Von Hellermann’s paintings draw upon everyday affairs as often and as fluidly as they borrow from the imagery of classical mythology and literature to create expansive imaginary places. She animates these complex narratives with a swirling, energetic hand and a dreamlike, vivid palette that moves the audience into seeing how dream images can come together from the things we have seen, read, and experienced.
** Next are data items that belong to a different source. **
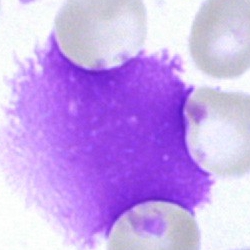 {"cell_type": "artefact"}
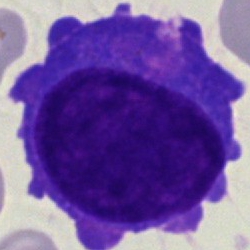Morphology — blast cell.
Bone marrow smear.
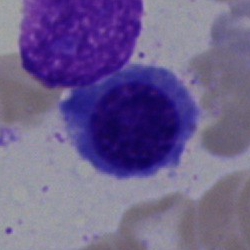
Impression → nucleated red blood cell.
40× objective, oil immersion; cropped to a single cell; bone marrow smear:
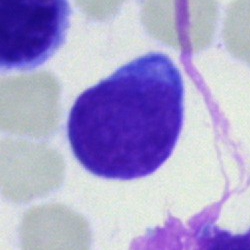
Morphological class — undifferentiated blast.
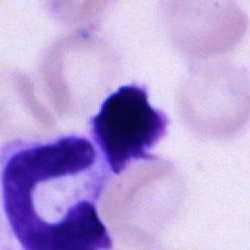

Morphology consistent with a cell of indeterminate lineage.
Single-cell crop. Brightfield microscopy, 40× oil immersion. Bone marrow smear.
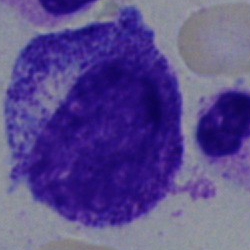This is a progranulocyte.
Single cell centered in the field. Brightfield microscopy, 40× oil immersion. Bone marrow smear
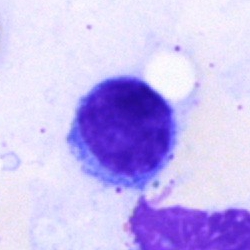
Cell — lymphocyte.

Von Hellermann (b.1975, Germany, lives and works in UK) received her BFA from Kunstakademie, Düsseldorf and an MFA from Royal College of Art, London. Selected solo exhibitions include: A Midsummers Night Dream, Pilar Corrias, London (2020); Sophie von Hellermann: New Waves, Pilar Corrias, London (2018); Sophie von Hellermann, Office Baroque, Brussels (2017); After a Fashion- A Play with Fire, Vilma Gold, London (2015); Novel Ways, Greene Naftali, New York (2013); Elephant in the Room, Firstsite, Colchester (2013); Crying for The Sunset, Vilma Gold, London (2011); Sophie von Hellermann & Josh Smith, Museum Dhondt-Dhaenens, Deurle, Belgium, Le Consortium, Dijon, France (2010); Judgement Day, Chisenhale Gallery, London; and Neuer Aachener Kunstverein, Aachen (2006). Selected group exhibitions include: Jahresgaben 2016, Bonner Kunstverein, Bonn (2016); Call and Response, Gavin Brown’s Enterprise, New York (2015); Jerwood Encounters: The Grantchester Pottery paints the stage, Jerwood Visual Arts, London (2015); Empathy and Abstraction: Modernist Women in Germany, Kunsthalle Bielefeld (2015); I Cheer a Dead Man’s Sweetheart, De La Warr Pavillion, Bexhill on Sea (2014); Out of the House, Cranford Collection, Fundacion Banco Santander, Madrid (2013); Folk Devil, David Zwirner, New York (2013); In the disappearing mist, the gift of whispers, Focal Point Gallery, Southend (2012); Watercolour, Tate Britain, London (2011); Sophie von Hellermann and Josh Smith, le Consortium, Dijon (2009); 100 Years, 100 Artists, 100 Works of Art, Art on the Underground, London (2008).